*Exercise details*:
Whenever a picture appears in the records, exclude it, and transcribe everything else exactly.

|---|

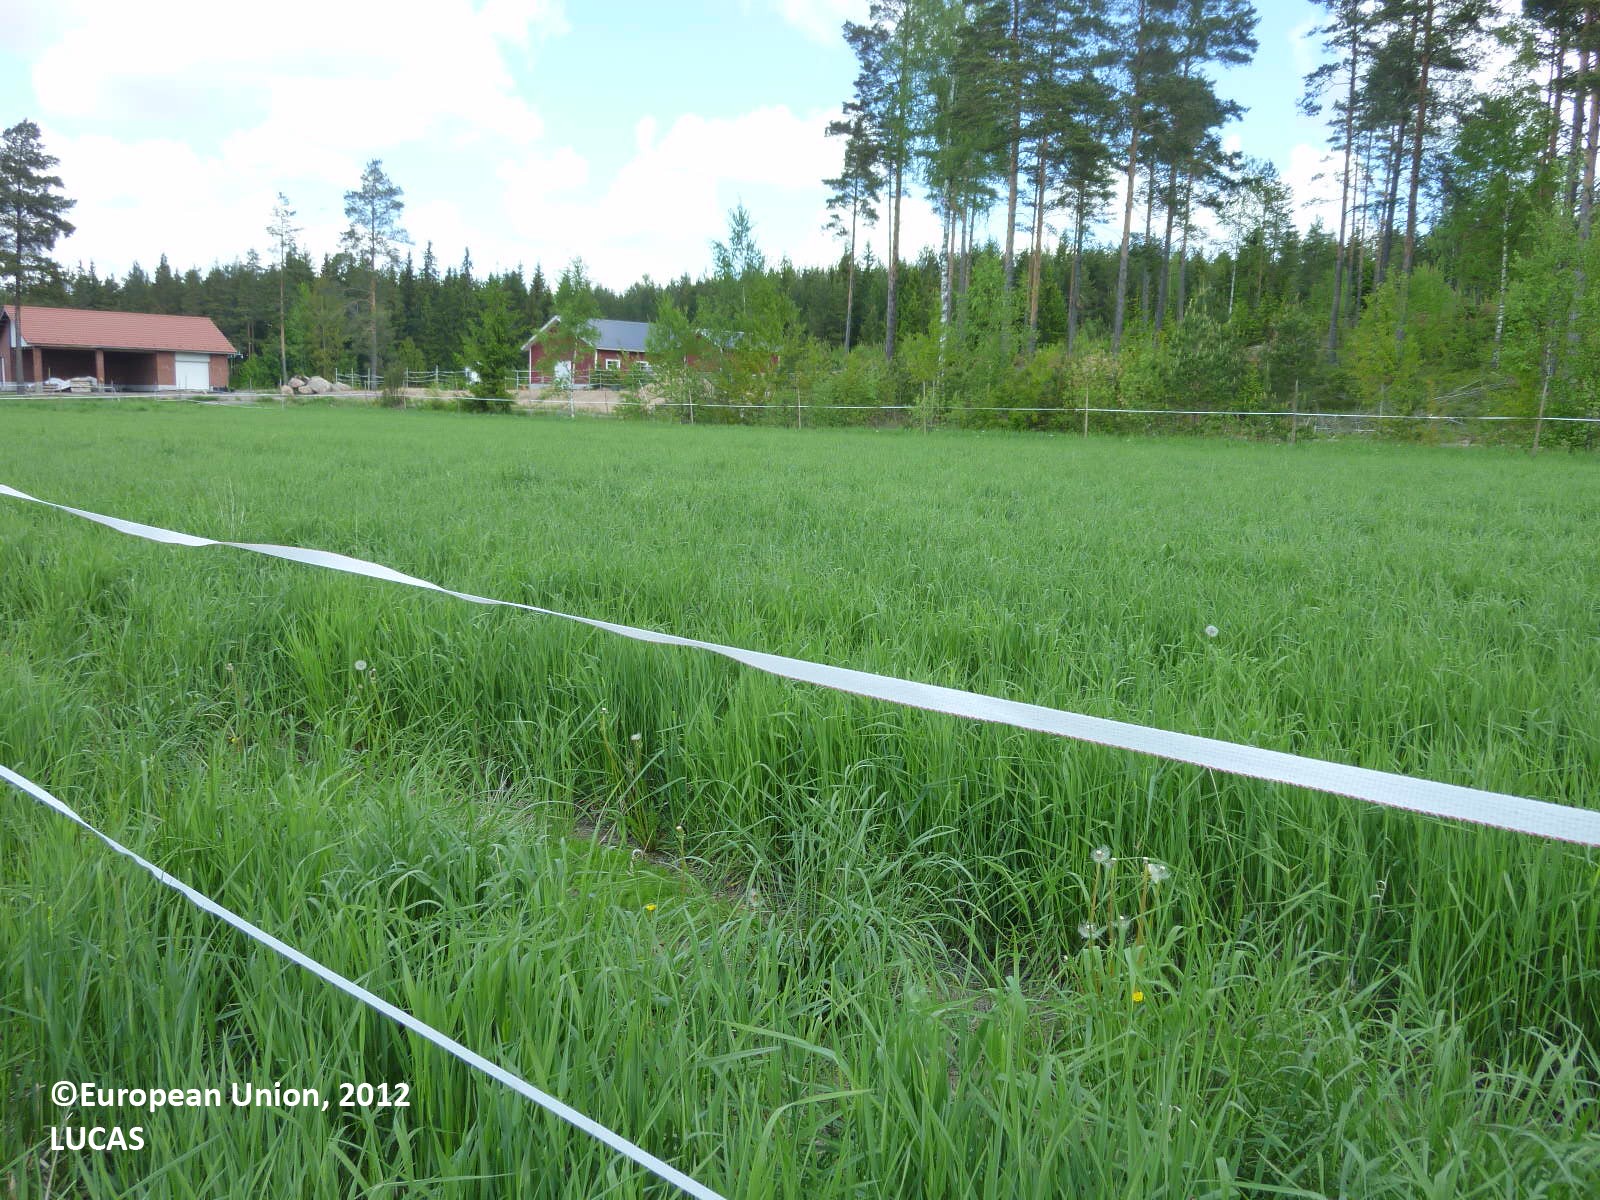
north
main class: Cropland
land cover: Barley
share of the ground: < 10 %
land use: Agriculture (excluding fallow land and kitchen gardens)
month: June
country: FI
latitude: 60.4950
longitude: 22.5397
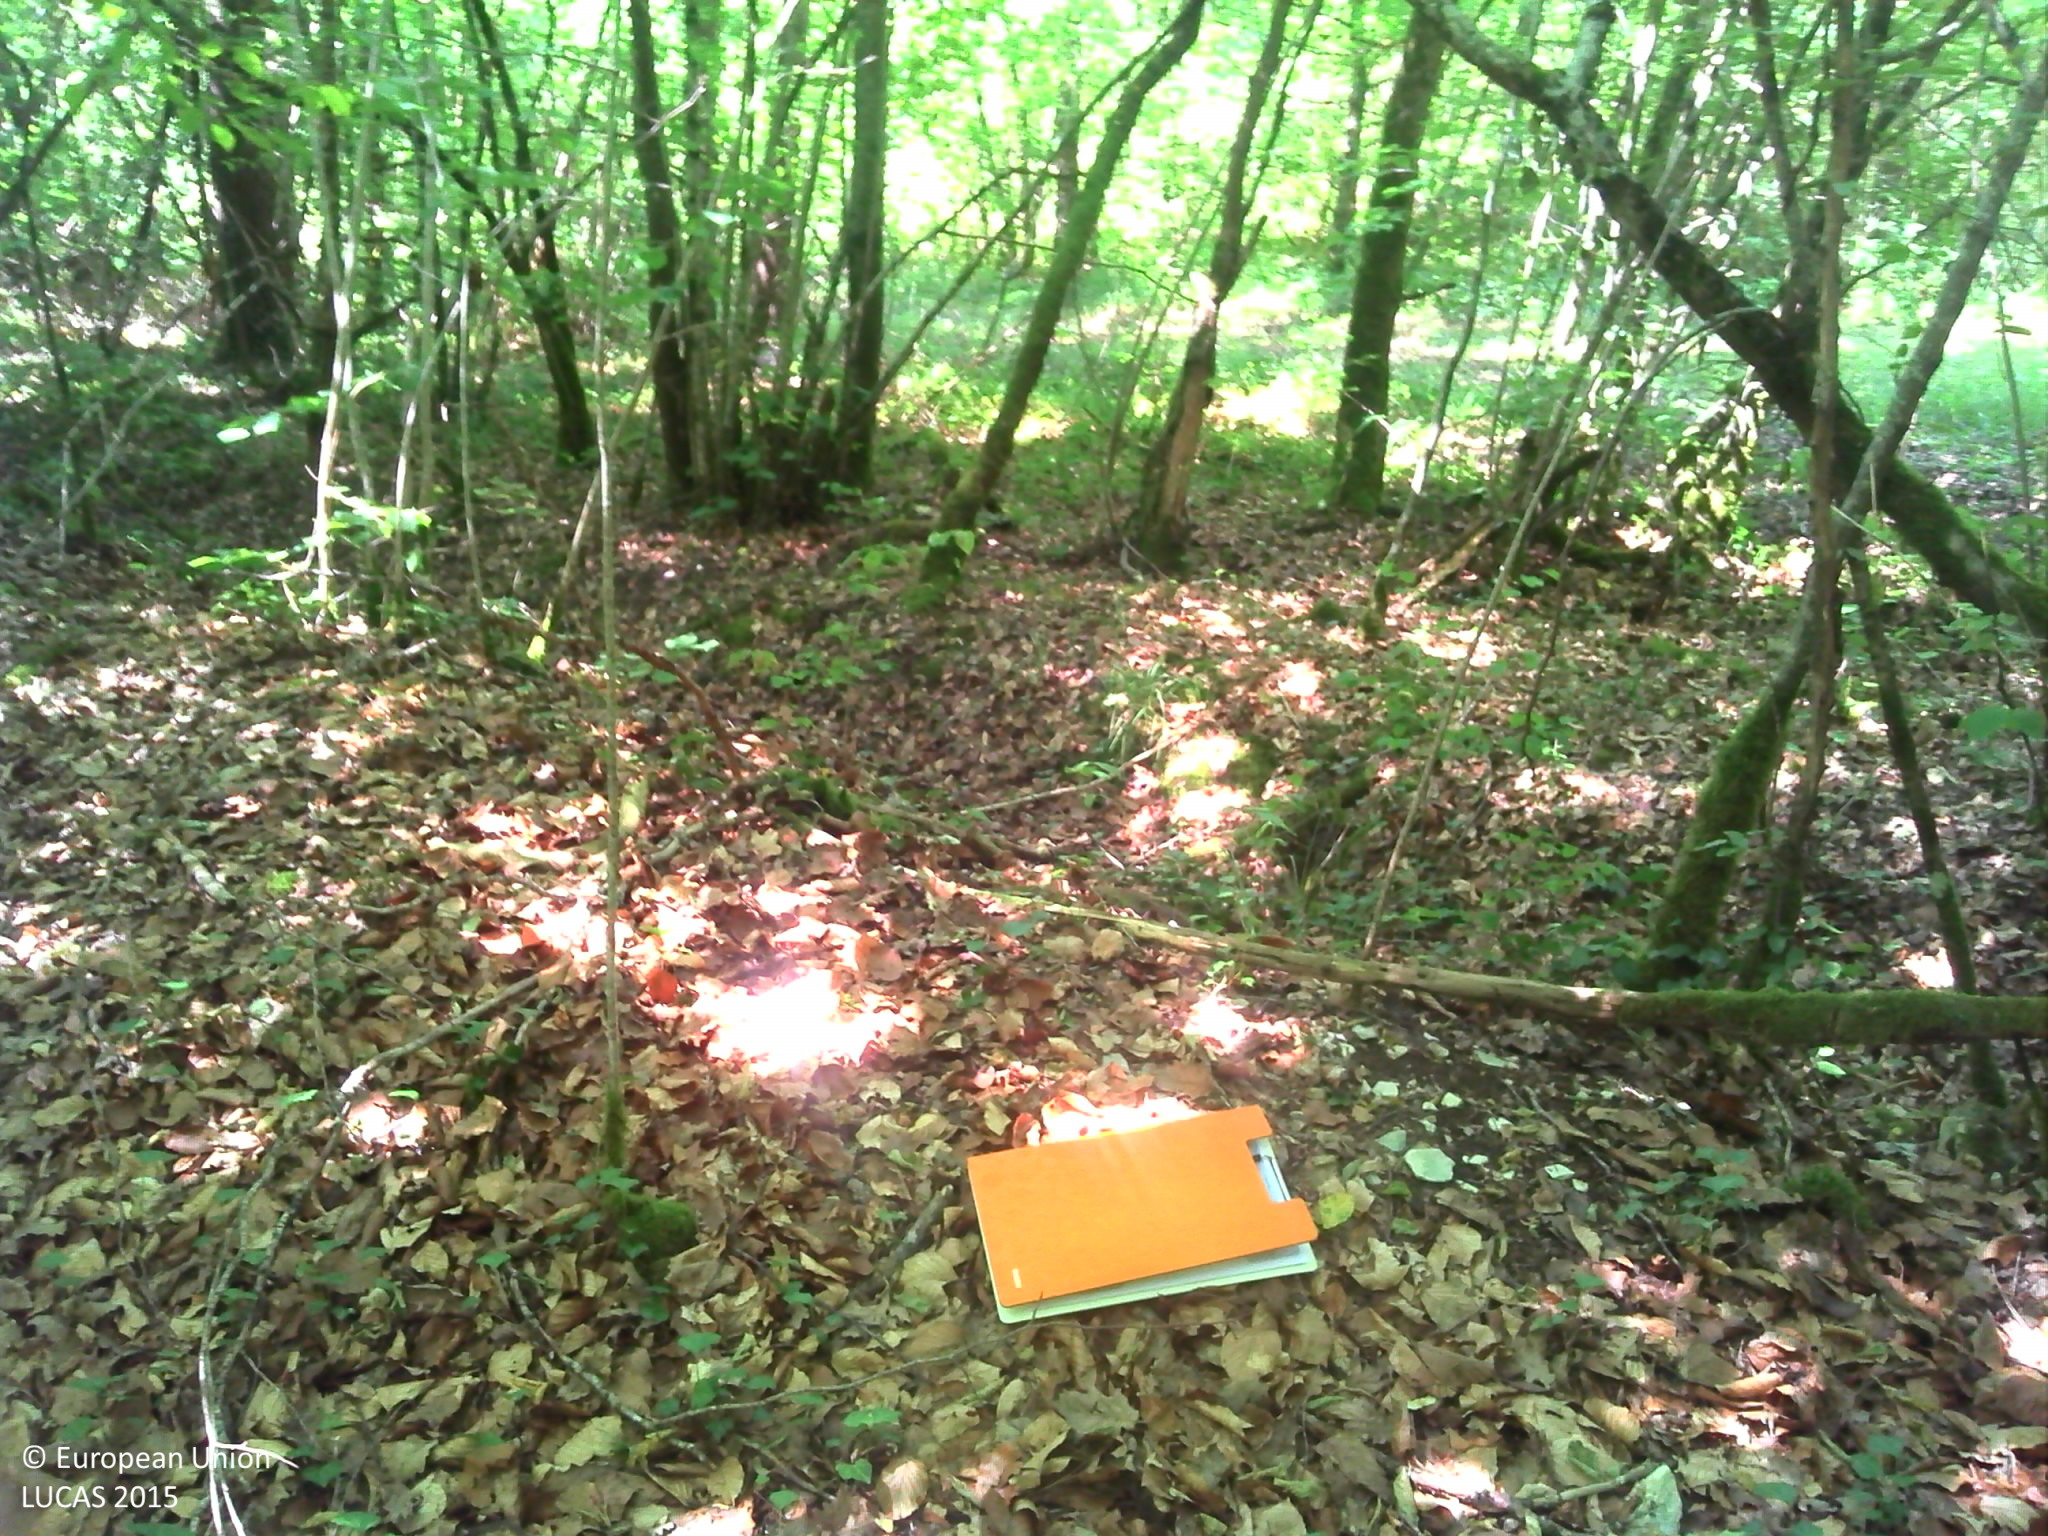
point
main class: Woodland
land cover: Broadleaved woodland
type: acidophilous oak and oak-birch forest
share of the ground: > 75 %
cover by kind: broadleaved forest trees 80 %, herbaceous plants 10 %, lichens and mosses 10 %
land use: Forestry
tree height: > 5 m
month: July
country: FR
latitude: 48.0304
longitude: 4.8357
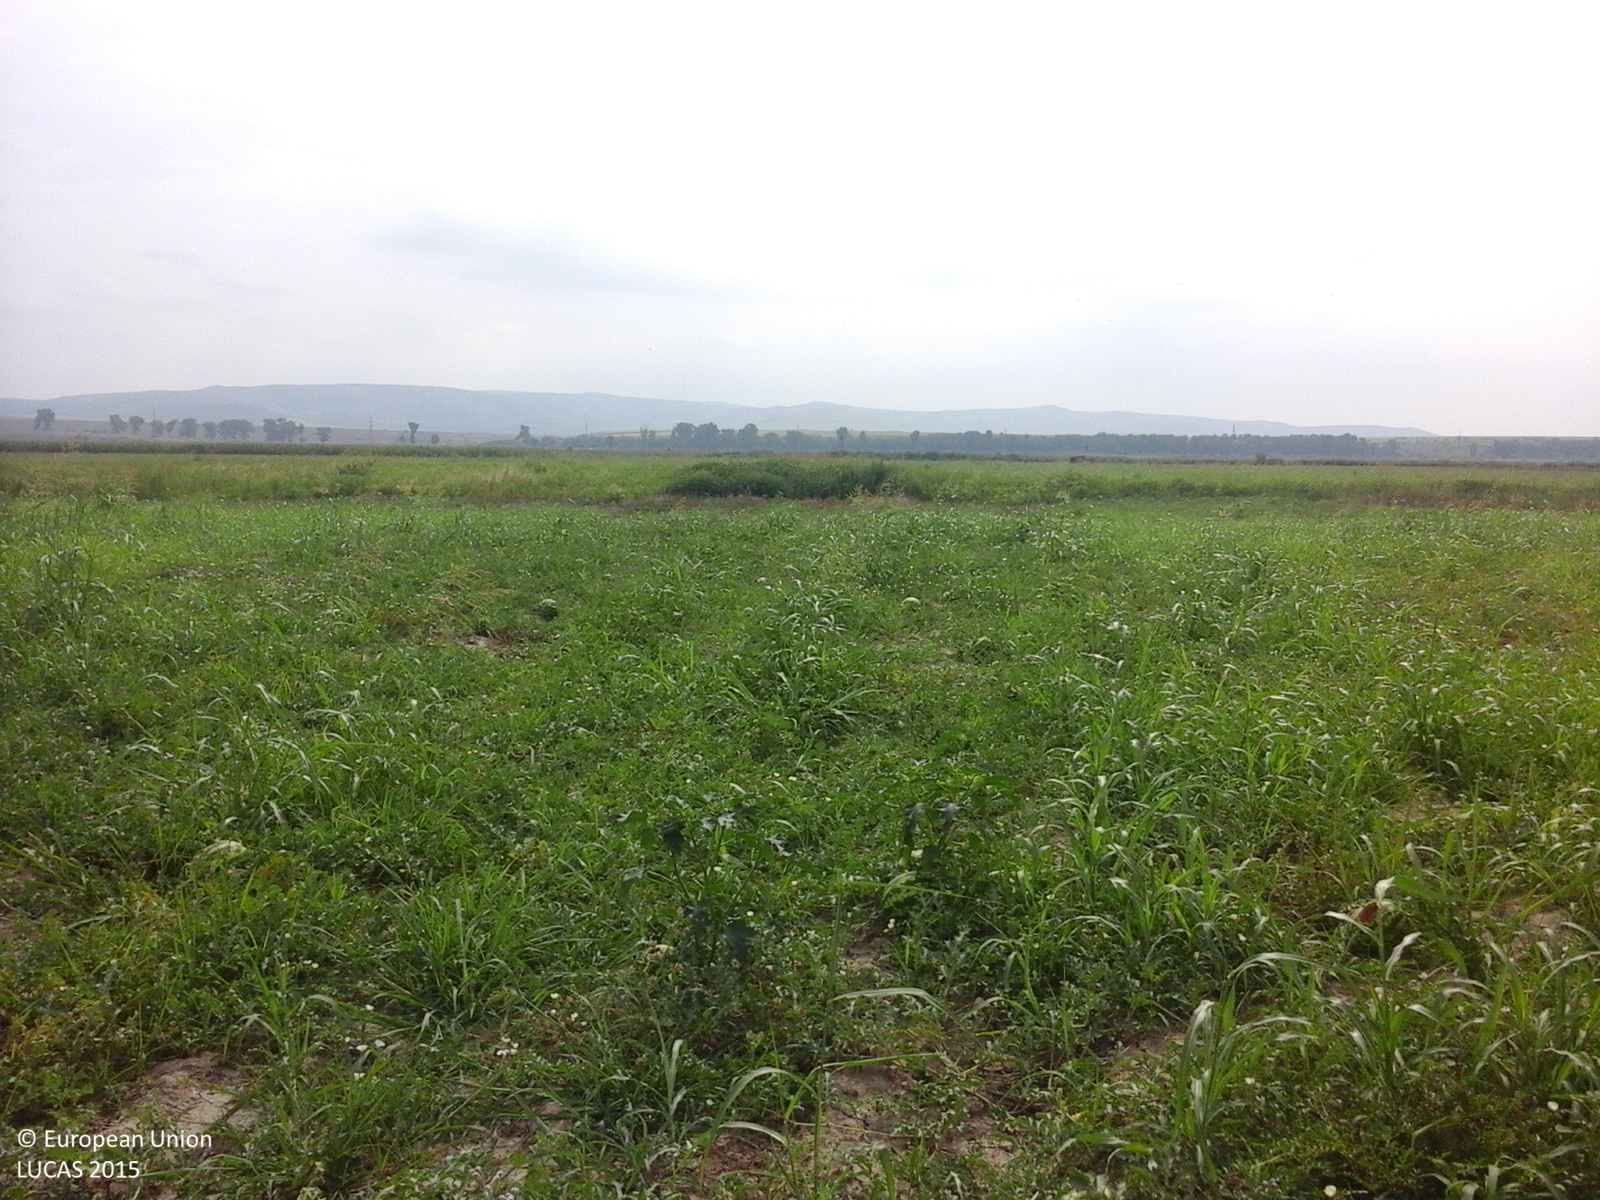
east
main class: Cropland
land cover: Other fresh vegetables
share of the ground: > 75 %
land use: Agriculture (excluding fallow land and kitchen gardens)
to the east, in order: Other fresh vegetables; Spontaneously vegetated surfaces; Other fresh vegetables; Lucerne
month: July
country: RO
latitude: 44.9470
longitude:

|---|

*Completed task*:
north
main class: Cropland
land cover: Barley
share of the ground: < 10 %
land use: Agriculture (excluding fallow land and kitchen gardens)
month: June
country: FI
latitude: 60.4950
longitude: 22.5397
point
main class: Woodland
land cover: Broadleaved woodland
type: acidophilous oak and oak-birch forest
share of the ground: > 75 %
cover by kind: broadleaved forest trees 80 %, herbaceous plants 10 %, lichens and mosses 10 %
land use: Forestry
tree height: > 5 m
month: July
country: FR
latitude: 48.0304
longitude: 4.8357
east
main class: Cropland
land cover: Other fresh vegetables
share of the ground: > 75 %
land use: Agriculture (excluding fallow land and kitchen gardens)
to the east, in order: Other fresh vegetables; Spontaneously vegetated surfaces; Other fresh vegetables; Lucerne
month: July
country: RO
latitude: 44.9470
longitude:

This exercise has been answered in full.